Leadership also needs to buy into a data-driven future and develop a programmatic approach for the organization. A couple of engineers with limited decision making power and little visibility into company-wide objectives can’t bear this lift on their own.
Top leadership must clearly define the goals and anticipated business benefit of leveraging dark data, establish priorities for the effort, and communicate that prioritization across the business. For example, what problem does the business want to address first? Is the goal to defer capital investments, reduce operational spending, make more fact-based decisions, model additional scenarios? Based on the priority, a specific, actionable plan for leveraging dark data to address this problem can be established. Boiling the ocean by trying to wade through everything without a specific objective won’t deliver value in the end.
Dark data gives asset-intensive industries more operational agility than they have ever had and that translates into savings and improved resiliency, among other benefits.
Harnessing 100 Year Old Data to Predict Equipment Malfunctions
Take the example of a hundred-year-old power generation and distribution utility. It produced around 40% of its power through hydroelectric plants. However, an increasing number of its plants were reaching the end of their designed operational life, with some facilities being over 100 years old and others refurbished several decades ago. In order to dig out their dark data and tap into its benefits, the company turned to an AI-powered Asset Performance Management (APM) system. The team reviewed asset condition data histories and correlated those conditions with critical asset malfunction modes to determine future malfunction risk profiles. Analysis then revealed that a generator’s increasing level of vibration was driving the risk of future malfunction and was highly sensitive to load.

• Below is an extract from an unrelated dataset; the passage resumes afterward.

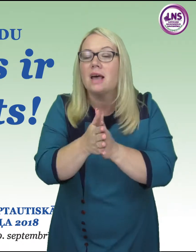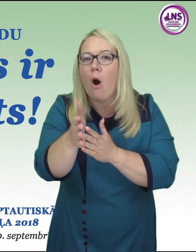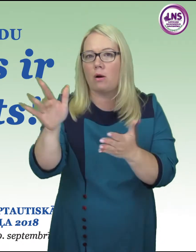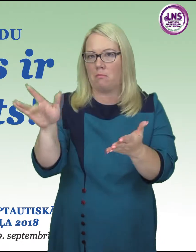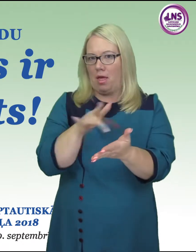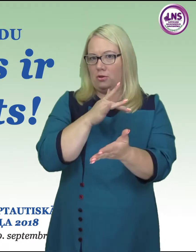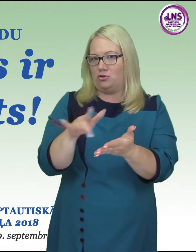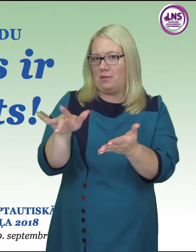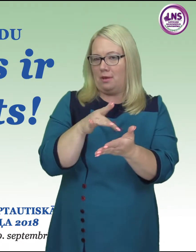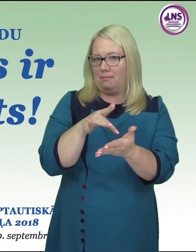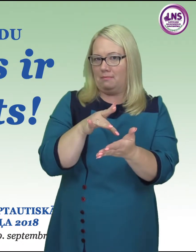vizuālās saziņas ierīci.

The team was able to take the useful data and simulate what would happen to vital equipment at different levels and intensity of use. In this case, the team was able to calculate when the malfunction would occur if the generator continued operation at the previous load and recommend the optimal load for achieving stability of the vibration gradient. With that information, the utility now more efficiently and cost-effectively manages its assets. It has become more proactive, intervening to prevent future malfunctions before they occur, saving on costs and achieving their original business objective.
Many asset-intensive industries have been slower to leverage dark data because of the scale and complicated nature of how these businesses have been developed over past decades. AI and machine learning provide opportunities to accelerate their development and reap the benefits. And it’s not about having all the data or even tackling everything at once. Asset-intensive industries can start with small applications of AI and machine learning to predict, simulate and then expand. To see this success, dark data initiatives need to be guided by tangible business objectives from the top down – and that’s non-negotiable.